> [WORK INSTRUCTION]:
Please output the records below in full, exactly as given, but without the images.

> [THE RECORDS]:
*** Begin section ***

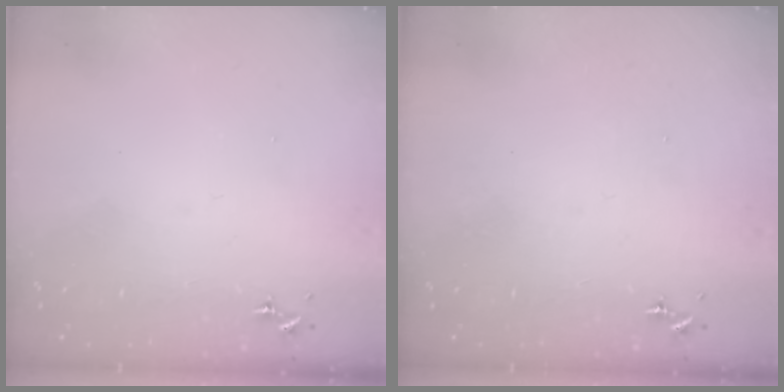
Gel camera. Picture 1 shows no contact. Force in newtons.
{"total": 0.0}
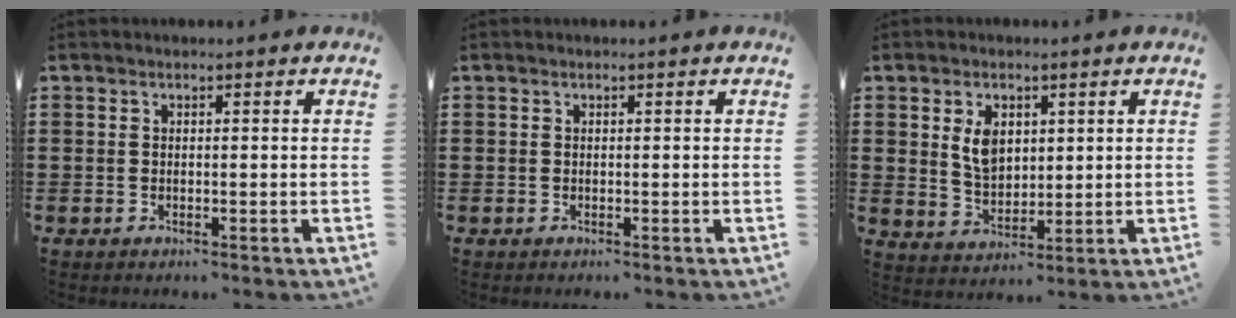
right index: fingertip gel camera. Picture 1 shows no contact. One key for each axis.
{"total": 0.0}
{"total": 5.5, "fx": 1.8, "fy": 3.6, "fz": 3.7, "tx": -0.077, "ty": 0.009, "tz": 0.031}
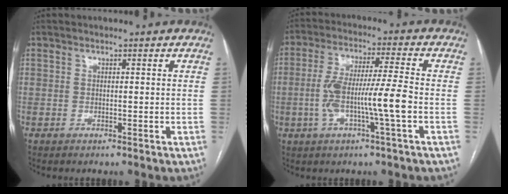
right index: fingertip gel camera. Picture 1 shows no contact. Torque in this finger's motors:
{"motor_torque": [1.25, -0.11, 0.80, 0.20]}
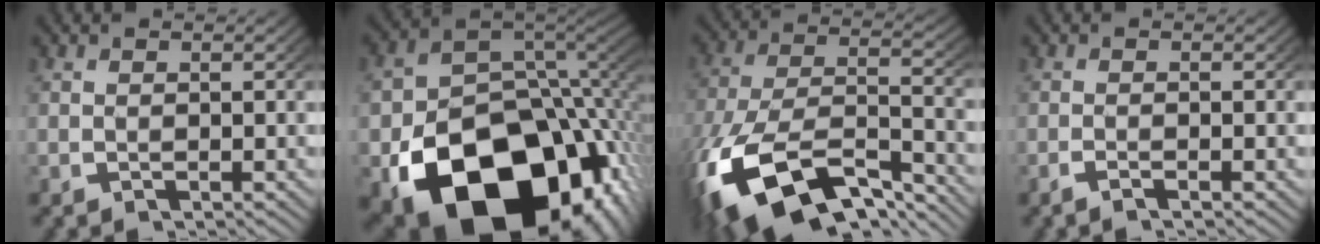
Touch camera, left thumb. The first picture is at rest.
{"total": 24.3, "force": [-7.3, 15.0, 17.6], "torque": [-0.304, -0.076, -0.078]}
{"total": 16.0, "force": [-7.0, 9.5, 10.8], "torque": [-0.235, -0.059, -0.085]}
{"total": 1.0, "force": [-0.8, 0.1, 0.6], "torque": [-0.015, -0.002, -0.017]}
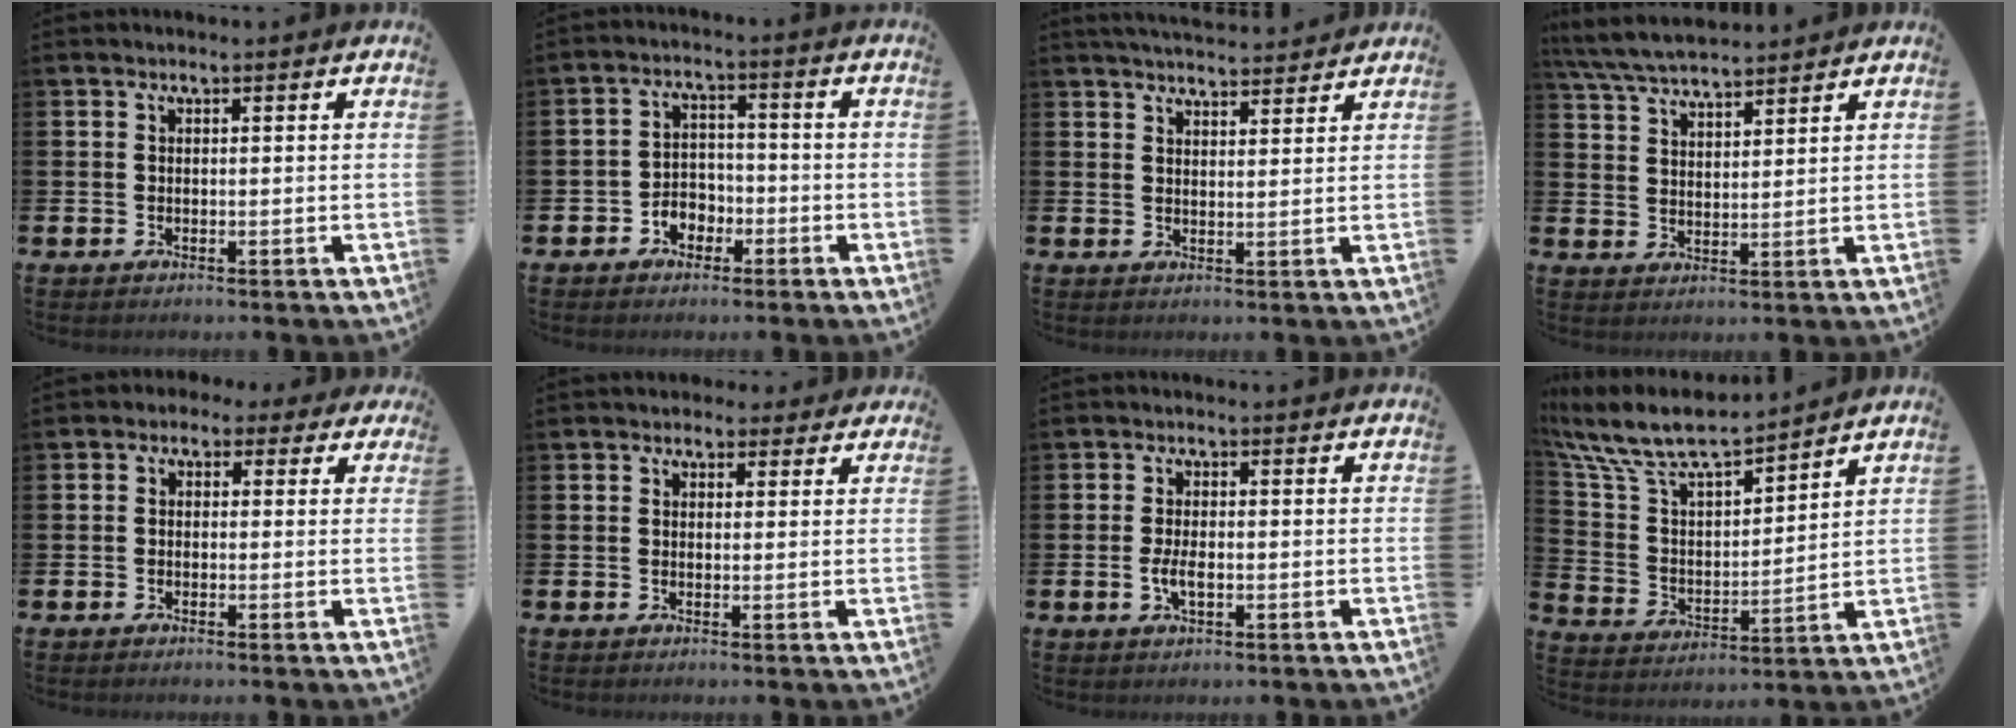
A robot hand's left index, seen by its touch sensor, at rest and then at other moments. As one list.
[{"total": 3.3, "force": [-2.1, 2.5, 0.9], "torque": [-0.017, 0.003, -0.048]}, {"total": 4.0, "force": [4.0, 0.3, 0.3], "torque": [-0.011, -0.023, 0.072]}, {"total": 6.0, "force": [5.8, 0.7, 1.3], "torque": [-0.049, -0.024, 0.107]}, {"total": 1.3, "force": [-0.5, 1.1, 0.3], "torque": [-0.012, 0.007, -0.015]}, {"total": 1.7, "force": [1.3, 1.1, -0.1], "torque": [0.011, 0.001, 0.020]}, {"total": 2.8, "force": [-0.6, 1.2, 2.4], "torque": [-0.045, -0.004, -0.015]}, {"total": 9.3, "force": [8.5, 2.1, 3.3], "torque": [-0.110, -0.055, 0.149]}]

*** End section ***

> [YOUR RESPONSE]:
Gel camera. Picture 1 shows no contact. Force in newtons.
{"total": 0.0}
right index: fingertip gel camera. Picture 1 shows no contact. One key for each axis.
{"total": 0.0}
{"total": 5.5, "fx": 1.8, "fy": 3.6, "fz": 3.7, "tx": -0.077, "ty": 0.009, "tz": 0.031}
right index: fingertip gel camera. Picture 1 shows no contact. Torque in this finger's motors:
{"motor_torque": [1.25, -0.11, 0.80, 0.20]}
Touch camera, left thumb. The first picture is at rest.
{"total": 24.3, "force": [-7.3, 15.0, 17.6], "torque": [-0.304, -0.076, -0.078]}
{"total": 16.0, "force": [-7.0, 9.5, 10.8], "torque": [-0.235, -0.059, -0.085]}
{"total": 1.0, "force": [-0.8, 0.1, 0.6], "torque": [-0.015, -0.002, -0.017]}
A robot hand's left index, seen by its touch sensor, at rest and then at other moments. As one list.
[{"total": 3.3, "force": [-2.1, 2.5, 0.9], "torque": [-0.017, 0.003, -0.048]}, {"total": 4.0, "force": [4.0, 0.3, 0.3], "torque": [-0.011, -0.023, 0.072]}, {"total": 6.0, "force": [5.8, 0.7, 1.3], "torque": [-0.049, -0.024, 0.107]}, {"total": 1.3, "force": [-0.5, 1.1, 0.3], "torque": [-0.012, 0.007, -0.015]}, {"total": 1.7, "force": [1.3, 1.1, -0.1], "torque": [0.011, 0.001, 0.020]}, {"total": 2.8, "force": [-0.6, 1.2, 2.4], "torque": [-0.045, -0.004, -0.015]}, {"total": 9.3, "force": [8.5, 2.1, 3.3], "torque": [-0.110, -0.055, 0.149]}]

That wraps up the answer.